• What is expected:
Take the entries that follow and return exactly the lines from the one holding "#536=EDGE_CURVE('',#668,#669,#761,.F.);" through the one holding "#759=CIRCLE('',#1134,0.375);", both included. Nothing else is needed.

======== Material shown

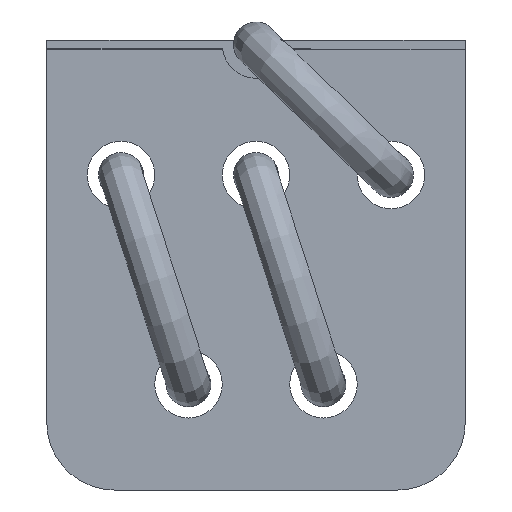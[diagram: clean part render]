
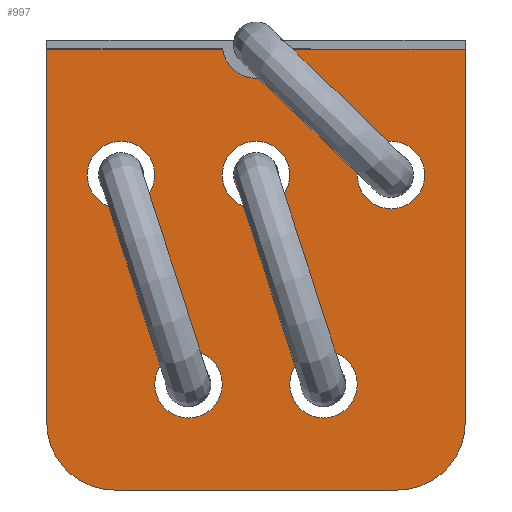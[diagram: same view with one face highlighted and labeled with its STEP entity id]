
A CAD part, left-side view. The second image highlights one B-rep face of the part: STEP entity #997.
In plain terms, the highlighted planar face has unit normal (-1, 0, 0).
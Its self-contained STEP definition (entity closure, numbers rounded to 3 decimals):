
#26=LINE('',#2173,#116);
#27=LINE('',#2176,#117);
#28=LINE('',#2180,#118);
#29=LINE('',#2184,#119);
#30=LINE('',#2186,#120);
#116=VECTOR('',#1260,1000.);
#117=VECTOR('',#1261,1000.);
#118=VECTOR('',#1264,1000.);
#119=VECTOR('',#1267,1000.);
#120=VECTOR('',#1268,1000.);
#208=PLANE('',#1129);
#273=ORIENTED_EDGE('',*,*,#527,.F.);
#274=ORIENTED_EDGE('',*,*,#528,.T.);
#275=ORIENTED_EDGE('',*,*,#529,.F.);
#276=ORIENTED_EDGE('',*,*,#530,.F.);
#277=ORIENTED_EDGE('',*,*,#531,.T.);
#278=ORIENTED_EDGE('',*,*,#532,.F.);
#279=ORIENTED_EDGE('',*,*,#533,.T.);
#280=ORIENTED_EDGE('',*,*,#534,.T.);
#281=ORIENTED_EDGE('',*,*,#535,.T.);
#282=ORIENTED_EDGE('',*,*,#536,.T.);
#283=ORIENTED_EDGE('',*,*,#537,.F.);
#284=ORIENTED_EDGE('',*,*,#538,.F.);
#285=ORIENTED_EDGE('',*,*,#539,.F.);
#527=EDGE_CURVE('',#659,#659,#755,.F.);
#528=EDGE_CURVE('',#660,#660,#756,.T.);
#529=EDGE_CURVE('',#661,#661,#757,.F.);
#530=EDGE_CURVE('',#662,#662,#758,.F.);
#531=EDGE_CURVE('',#663,#663,#759,.T.);
#532=EDGE_CURVE('',#664,#665,#26,.T.);
#533=EDGE_CURVE('',#664,#666,#27,.T.);
#534=EDGE_CURVE('',#666,#667,#760,.F.);
#535=EDGE_CURVE('',#667,#668,#28,.T.);
#536=EDGE_CURVE('',#668,#669,#761,.F.);
#537=EDGE_CURVE('',#670,#669,#29,.T.);
#538=EDGE_CURVE('',#671,#670,#30,.T.);
#539=EDGE_CURVE('',#665,#671,#762,.F.);
#659=VERTEX_POINT('',#2164);
#660=VERTEX_POINT('',#2166);
#661=VERTEX_POINT('',#2168);
#662=VERTEX_POINT('',#2170);
#663=VERTEX_POINT('',#2172);
#664=VERTEX_POINT('',#2174);
#665=VERTEX_POINT('',#2175);
#666=VERTEX_POINT('',#2177);
#667=VERTEX_POINT('',#2179);
#668=VERTEX_POINT('',#2181);
#669=VERTEX_POINT('',#2183);
#670=VERTEX_POINT('',#2185);
#671=VERTEX_POINT('',#2187);
#755=CIRCLE('',#1130,0.375);
#756=CIRCLE('',#1131,0.375);
#757=CIRCLE('',#1132,0.375);
#758=CIRCLE('',#1133,0.375);
#759=CIRCLE('',#1134,0.375);
#760=CIRCLE('',#1135,0.75);
#761=CIRCLE('',#1136,0.75);
#762=CIRCLE('',#1137,0.375);
#807=EDGE_LOOP('',(#273));
#808=EDGE_LOOP('',(#274));
#809=EDGE_LOOP('',(#275));
#810=EDGE_LOOP('',(#276));
#811=EDGE_LOOP('',(#277));
#812=EDGE_LOOP('',(#278,#279,#280,#281,#282,#283,#284,#285));
#897=FACE_BOUND('',#807,.T.);
#898=FACE_BOUND('',#808,.T.);
#899=FACE_BOUND('',#809,.T.);
#900=FACE_BOUND('',#810,.T.);
#901=FACE_BOUND('',#811,.T.);
#902=FACE_BOUND('',#812,.T.);
#997=ADVANCED_FACE('',(#897,#898,#899,#900,#901,#902),#208,.F.);
#1129=AXIS2_PLACEMENT_3D('',#2162,#1248,#1249);
#1130=AXIS2_PLACEMENT_3D('',#2163,#1250,#1251);
#1131=AXIS2_PLACEMENT_3D('',#2165,#1252,#1253);
#1132=AXIS2_PLACEMENT_3D('',#2167,#1254,#1255);
#1133=AXIS2_PLACEMENT_3D('',#2169,#1256,#1257);
#1134=AXIS2_PLACEMENT_3D('',#2171,#1258,#1259);
#1135=AXIS2_PLACEMENT_3D('',#2178,#1262,#1263);
#1136=AXIS2_PLACEMENT_3D('',#2182,#1265,#1266);
#1137=AXIS2_PLACEMENT_3D('',#2188,#1269,#1270);
#1248=DIRECTION('',(1.,0.,0.));
#1249=DIRECTION('',(0.,0.,-1.));
#1250=DIRECTION('',(1.,0.,0.));
#1251=DIRECTION('',(0.,0.,-1.));
#1252=DIRECTION('',(1.,0.,0.));
#1253=DIRECTION('',(0.,0.,-1.));
#1254=DIRECTION('',(1.,0.,0.));
#1255=DIRECTION('',(0.,0.,-1.));
#1256=DIRECTION('',(1.,0.,0.));
#1257=DIRECTION('',(0.,0.,-1.));
#1258=DIRECTION('',(1.,0.,0.));
#1259=DIRECTION('',(0.,0.,-1.));
#1260=DIRECTION('',(0.,-1.,0.));
#1261=DIRECTION('',(0.,0.,-1.));
#1262=DIRECTION('',(1.,0.,0.));
#1263=DIRECTION('',(0.,0.,-1.));
#1264=DIRECTION('',(0.,-1.,0.));
#1265=DIRECTION('',(1.,0.,0.));
#1266=DIRECTION('',(0.,0.,-1.));
#1267=DIRECTION('',(0.,0.,-1.));
#1268=DIRECTION('',(0.,-1.,0.));
#1269=DIRECTION('',(1.,0.,0.));
#1270=DIRECTION('',(0.,0.,-1.));
#2162=CARTESIAN_POINT('',(-4.25,2.325,2.5));
#2163=CARTESIAN_POINT('',(-4.25,-0.75,-1.325));
#2164=CARTESIAN_POINT('',(-4.25,-0.75,-1.7));
#2165=CARTESIAN_POINT('',(-4.25,1.5,1.));
#2166=CARTESIAN_POINT('',(-4.25,1.5,0.625));
#2167=CARTESIAN_POINT('',(-4.25,0.,1.));
#2168=CARTESIAN_POINT('',(-4.25,0.,0.625));
#2169=CARTESIAN_POINT('',(-4.25,-1.5,1.));
#2170=CARTESIAN_POINT('',(-4.25,-1.5,0.625));
#2171=CARTESIAN_POINT('',(-4.25,0.75,-1.325));
#2172=CARTESIAN_POINT('',(-4.25,0.75,-1.7));
#2173=CARTESIAN_POINT('',(-4.25,2.325,2.4));
#2174=CARTESIAN_POINT('',(-4.25,2.325,2.4));
#2175=CARTESIAN_POINT('',(-4.25,0.372,2.4));
#2176=CARTESIAN_POINT('',(-4.25,2.325,2.5));
#2177=CARTESIAN_POINT('',(-4.25,2.325,-1.75));
#2178=CARTESIAN_POINT('',(-4.25,1.575,-1.75));
#2179=CARTESIAN_POINT('',(-4.25,1.575,-2.5));
#2180=CARTESIAN_POINT('',(-4.25,2.325,-2.5));
#2181=CARTESIAN_POINT('',(-4.25,-1.575,-2.5));
#2182=CARTESIAN_POINT('',(-4.25,-1.575,-1.75));
#2183=CARTESIAN_POINT('',(-4.25,-2.325,-1.75));
#2184=CARTESIAN_POINT('',(-4.25,-2.325,2.5));
#2185=CARTESIAN_POINT('',(-4.25,-2.325,2.4));
#2186=CARTESIAN_POINT('',(-4.25,2.325,2.4));
#2187=CARTESIAN_POINT('',(-4.25,-0.372,2.4));
#2188=CARTESIAN_POINT('',(-4.25,0.,2.45));

================

• Exercise response:
#536=EDGE_CURVE('',#668,#669,#761,.F.);
#537=EDGE_CURVE('',#670,#669,#29,.T.);
#538=EDGE_CURVE('',#671,#670,#30,.T.);
#539=EDGE_CURVE('',#665,#671,#762,.F.);
#659=VERTEX_POINT('',#2164);
#660=VERTEX_POINT('',#2166);
#661=VERTEX_POINT('',#2168);
#662=VERTEX_POINT('',#2170);
#663=VERTEX_POINT('',#2172);
#664=VERTEX_POINT('',#2174);
#665=VERTEX_POINT('',#2175);
#666=VERTEX_POINT('',#2177);
#667=VERTEX_POINT('',#2179);
#668=VERTEX_POINT('',#2181);
#669=VERTEX_POINT('',#2183);
#670=VERTEX_POINT('',#2185);
#671=VERTEX_POINT('',#2187);
#755=CIRCLE('',#1130,0.375);
#756=CIRCLE('',#1131,0.375);
#757=CIRCLE('',#1132,0.375);
#758=CIRCLE('',#1133,0.375);
#759=CIRCLE('',#1134,0.375);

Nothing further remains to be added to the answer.